Solved – Compare Models. LOCCV implementation in R

modelingr

I want to compare three models, one linear-regression-model, one regression-tree-model (from rpart) and one MARS-model (from mda package).

I want to compare the models using a leave one out cross validation using the mean square error and MAPE. I have the following implementation in R:

library(data.table)
library(rpart)
library(mda)

#Load Sample-Data
data(trees)

#The following models should be compared:
# lm(Volume~Girth+Height, data=trees)
# rpart(Volume~Girth+Height, data=trees)
# mars(trees[,-3], trees[3])

LOOCV<-function(modelCall) {
  unlist(sapply(seq(1,nrow(trees)), function(i) {         
    training=trees[-i,]
    test=trees[i,]

    fit=eval(modelCall)
    testValue = predict(fit, test[1:2])

    test[3]-testValue
  }))
}

LOOCV_MSE<-function(modelCall) {
   sum(LOOCV(modelCall)^2)/nrow(trees)
}

LOOCV_RMSE<-function(modelCall) {
   sqrt(LOOCV_MSE(modelCall))
}

LOOCV_MAPE<-function(modelCall) {
  sum(abs(LOOCV(modelCall)/sapply(seq(1, nrow(trees)), function(i) {trees[i,3]})))/nrow(trees)*100                                    
}


cat("Cross-Validation Metrics:\n")
cat("-------------------------\n")
cat("LOOCV MSE for LM:", LOOCV_MSE(quote(lm(Volume~Girth+Height, data=training))),"\n")
cat("LOOCV MSE for CART:", LOOCV_MSE(quote(rpart(Volume~Girth+Height, data=training))),"\n")
cat("LOOCV MSE for MARS:", LOOCV_MSE(quote(mars(training[,-3], training[3]))),"\n")
cat("\n")

cat("LOOCV RMSE for LM:", LOOCV_RMSE(quote(lm(Volume~Girth+Height, data=training))),"\n")
cat("LOOCV RMSE for CART:", LOOCV_RMSE(quote(rpart(Volume~Girth+Height, data=training))),"\n")
cat("LOOCV RMSE for MARS:", LOOCV_RMSE(quote(mars(training[,-3], training[3]))),"\n")
cat("\n")

cat("LOOCV MAPE for LM:", LOOCV_MAPE(quote(lm(Volume~Girth+Height, data=training))),"\n")
cat("LOOCV MAPE for CART:", LOOCV_MAPE(quote(rpart(Volume~Girth+Height, data=training))),"\n")
cat("LOOCV MAPE for MARS:", LOOCV_MAPE(quote(mars(training[,-3], training[3]))),"\n")

Outputs:

Cross-Validation Metrics:
-------------------------
LOOCV MSE for LM: 18.15783 
LOOCV MSE for CART: 69.83769 
LOOCV MSE for MARS: 13.72282 

LOOCV RMSE for LM: 4.2612 
LOOCV RMSE for CART: 8.356895 
LOOCV RMSE for MARS: 3.704432 

LOOCV MAPE for LM: 14.6114 
LOOCV MAPE for CART: 23.51401 
LOOCV MAPE for MARS: 10.00316 

Does this implementation make sense? When whould using MSE on the errors make sense? When would I use MAPE/SMAPE instead? I already read "Metric to compare models?" and the conclusion there was it depends, can someone explain this further. On what does it depend?

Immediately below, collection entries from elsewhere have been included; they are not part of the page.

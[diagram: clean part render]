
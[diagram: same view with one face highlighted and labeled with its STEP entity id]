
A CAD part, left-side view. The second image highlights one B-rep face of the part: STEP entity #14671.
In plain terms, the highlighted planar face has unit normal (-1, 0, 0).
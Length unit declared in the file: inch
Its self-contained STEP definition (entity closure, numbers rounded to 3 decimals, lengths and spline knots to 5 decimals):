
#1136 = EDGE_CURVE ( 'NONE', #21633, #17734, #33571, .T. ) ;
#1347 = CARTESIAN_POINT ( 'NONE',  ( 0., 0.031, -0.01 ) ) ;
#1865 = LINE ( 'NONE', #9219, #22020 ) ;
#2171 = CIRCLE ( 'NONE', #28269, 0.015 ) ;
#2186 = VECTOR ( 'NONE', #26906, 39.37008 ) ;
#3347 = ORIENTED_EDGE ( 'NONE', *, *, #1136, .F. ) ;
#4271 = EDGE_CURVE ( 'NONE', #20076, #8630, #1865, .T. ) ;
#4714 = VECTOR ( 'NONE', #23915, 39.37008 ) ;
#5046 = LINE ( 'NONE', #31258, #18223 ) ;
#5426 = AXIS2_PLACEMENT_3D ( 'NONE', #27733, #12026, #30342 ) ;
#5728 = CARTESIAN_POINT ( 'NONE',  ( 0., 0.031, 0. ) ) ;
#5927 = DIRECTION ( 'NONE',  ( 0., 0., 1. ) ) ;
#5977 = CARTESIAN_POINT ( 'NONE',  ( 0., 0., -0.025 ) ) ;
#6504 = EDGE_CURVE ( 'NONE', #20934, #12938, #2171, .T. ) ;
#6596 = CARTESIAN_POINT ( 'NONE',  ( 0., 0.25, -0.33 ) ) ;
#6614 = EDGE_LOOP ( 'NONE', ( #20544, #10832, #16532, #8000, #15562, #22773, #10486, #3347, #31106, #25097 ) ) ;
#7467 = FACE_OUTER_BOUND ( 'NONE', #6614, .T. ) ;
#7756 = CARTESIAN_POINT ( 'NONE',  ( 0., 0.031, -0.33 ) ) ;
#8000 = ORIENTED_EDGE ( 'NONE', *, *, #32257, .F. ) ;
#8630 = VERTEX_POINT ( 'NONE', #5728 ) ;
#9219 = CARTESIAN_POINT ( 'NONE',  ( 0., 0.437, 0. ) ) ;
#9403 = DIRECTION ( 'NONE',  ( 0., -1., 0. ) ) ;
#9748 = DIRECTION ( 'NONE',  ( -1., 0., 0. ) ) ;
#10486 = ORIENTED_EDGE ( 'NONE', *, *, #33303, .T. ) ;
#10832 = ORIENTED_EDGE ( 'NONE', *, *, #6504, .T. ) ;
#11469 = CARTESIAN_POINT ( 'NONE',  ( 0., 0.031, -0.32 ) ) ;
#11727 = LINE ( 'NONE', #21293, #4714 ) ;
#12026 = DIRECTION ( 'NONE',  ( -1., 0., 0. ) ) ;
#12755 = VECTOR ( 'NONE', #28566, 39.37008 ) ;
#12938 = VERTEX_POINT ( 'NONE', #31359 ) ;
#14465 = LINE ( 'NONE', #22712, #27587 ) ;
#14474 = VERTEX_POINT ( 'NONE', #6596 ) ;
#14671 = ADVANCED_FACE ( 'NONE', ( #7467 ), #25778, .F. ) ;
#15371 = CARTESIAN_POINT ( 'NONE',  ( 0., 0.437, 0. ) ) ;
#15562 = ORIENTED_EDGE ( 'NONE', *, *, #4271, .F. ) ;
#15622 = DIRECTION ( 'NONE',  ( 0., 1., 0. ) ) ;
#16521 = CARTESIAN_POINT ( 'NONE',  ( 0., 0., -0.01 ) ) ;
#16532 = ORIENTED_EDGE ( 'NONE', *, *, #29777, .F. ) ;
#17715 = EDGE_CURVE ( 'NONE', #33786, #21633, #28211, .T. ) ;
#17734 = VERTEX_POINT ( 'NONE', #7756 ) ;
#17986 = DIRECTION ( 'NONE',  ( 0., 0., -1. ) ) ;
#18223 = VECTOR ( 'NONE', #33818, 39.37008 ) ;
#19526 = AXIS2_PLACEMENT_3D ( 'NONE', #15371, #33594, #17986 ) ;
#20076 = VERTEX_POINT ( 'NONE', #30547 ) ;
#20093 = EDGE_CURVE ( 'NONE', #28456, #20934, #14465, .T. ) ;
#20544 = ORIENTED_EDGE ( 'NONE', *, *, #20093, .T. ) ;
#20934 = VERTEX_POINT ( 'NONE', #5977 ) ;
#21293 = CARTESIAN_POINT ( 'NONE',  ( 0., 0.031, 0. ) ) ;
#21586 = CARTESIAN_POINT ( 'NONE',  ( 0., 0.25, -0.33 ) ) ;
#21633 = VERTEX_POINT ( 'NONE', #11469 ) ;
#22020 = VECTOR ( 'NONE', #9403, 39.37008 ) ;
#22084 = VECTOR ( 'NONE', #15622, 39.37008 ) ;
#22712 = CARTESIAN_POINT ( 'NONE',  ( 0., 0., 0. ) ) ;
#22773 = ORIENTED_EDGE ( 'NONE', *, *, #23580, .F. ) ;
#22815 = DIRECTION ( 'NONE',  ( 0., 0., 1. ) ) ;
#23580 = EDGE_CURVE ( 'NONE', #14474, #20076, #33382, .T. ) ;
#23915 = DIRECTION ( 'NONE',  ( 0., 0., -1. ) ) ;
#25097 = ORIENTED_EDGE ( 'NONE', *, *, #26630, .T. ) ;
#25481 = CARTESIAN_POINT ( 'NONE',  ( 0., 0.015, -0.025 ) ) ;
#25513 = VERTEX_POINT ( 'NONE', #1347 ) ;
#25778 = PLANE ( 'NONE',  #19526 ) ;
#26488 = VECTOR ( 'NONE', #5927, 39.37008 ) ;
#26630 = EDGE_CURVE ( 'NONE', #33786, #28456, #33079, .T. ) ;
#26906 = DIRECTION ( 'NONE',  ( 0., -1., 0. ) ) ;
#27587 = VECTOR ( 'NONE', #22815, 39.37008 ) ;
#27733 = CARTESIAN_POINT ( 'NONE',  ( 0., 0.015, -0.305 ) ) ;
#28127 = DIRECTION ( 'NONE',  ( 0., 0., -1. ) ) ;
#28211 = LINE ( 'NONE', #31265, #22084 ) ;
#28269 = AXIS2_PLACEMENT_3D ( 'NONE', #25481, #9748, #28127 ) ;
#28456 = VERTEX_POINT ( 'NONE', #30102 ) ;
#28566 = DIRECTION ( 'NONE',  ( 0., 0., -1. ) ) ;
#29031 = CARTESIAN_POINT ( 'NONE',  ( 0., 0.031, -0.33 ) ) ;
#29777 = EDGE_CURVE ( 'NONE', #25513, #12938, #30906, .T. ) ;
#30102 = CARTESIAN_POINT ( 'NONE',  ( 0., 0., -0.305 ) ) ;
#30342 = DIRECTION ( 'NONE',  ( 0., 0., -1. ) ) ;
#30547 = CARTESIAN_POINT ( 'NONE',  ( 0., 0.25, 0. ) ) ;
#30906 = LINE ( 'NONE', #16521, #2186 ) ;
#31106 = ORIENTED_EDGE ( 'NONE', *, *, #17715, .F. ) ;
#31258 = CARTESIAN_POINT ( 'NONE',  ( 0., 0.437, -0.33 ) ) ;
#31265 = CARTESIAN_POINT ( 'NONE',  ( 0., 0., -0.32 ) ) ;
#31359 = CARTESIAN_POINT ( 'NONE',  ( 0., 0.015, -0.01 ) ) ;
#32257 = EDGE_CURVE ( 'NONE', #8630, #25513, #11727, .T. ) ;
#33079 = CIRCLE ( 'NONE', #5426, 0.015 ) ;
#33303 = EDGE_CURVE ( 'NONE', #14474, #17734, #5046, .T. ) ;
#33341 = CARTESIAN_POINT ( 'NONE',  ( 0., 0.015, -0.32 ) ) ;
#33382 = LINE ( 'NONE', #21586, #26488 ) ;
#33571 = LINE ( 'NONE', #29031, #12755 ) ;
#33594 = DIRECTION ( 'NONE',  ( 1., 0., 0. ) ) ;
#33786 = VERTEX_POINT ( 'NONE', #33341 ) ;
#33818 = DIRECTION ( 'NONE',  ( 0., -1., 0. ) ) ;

My data is not a time series, it is more like the tree example data.

Best Answer

Why re-invent the wheel? R already has many libraries that implement cross-validation and calculate RMSE, MSE, MAPE, etc:

library(caret)
library(forecast)
library(rpart)
library(mda)

#Load Sample-Data
data(trees)

#Custom Summary Function for Cross-Validation
customSummary <- function (data, lev = NULL, model = NULL) {
    stats1 <- postResample(data[, "pred"], data[, "obs"])
    stats2 <- accuracy(data[, "pred"], data[, "obs"])
    c(stats1, stats2)
}

#Choose sampling method and sumamry function
myControl <- trainControl(method='LOOCV', summary=customSummary)

#Run Models
model_LM <- train(Volume~Girth+Height, data=trees, method='lm', 
                  trControl=myControl)
model_CART <- train(Volume~Girth+Height, data=trees, method='rpart', 
                  trControl=myControl)
model_MARS <- train(Volume~Girth+Height, data=trees, method='earth', 
                  trControl=myControl)

#Compare models
model_LM
model_CART
model_MARS

Choosing which statistics to use is up to you, and depends on the particulars of your problem. I usually use MAE as a default, but it pays to think about what the actual error cost in your problem.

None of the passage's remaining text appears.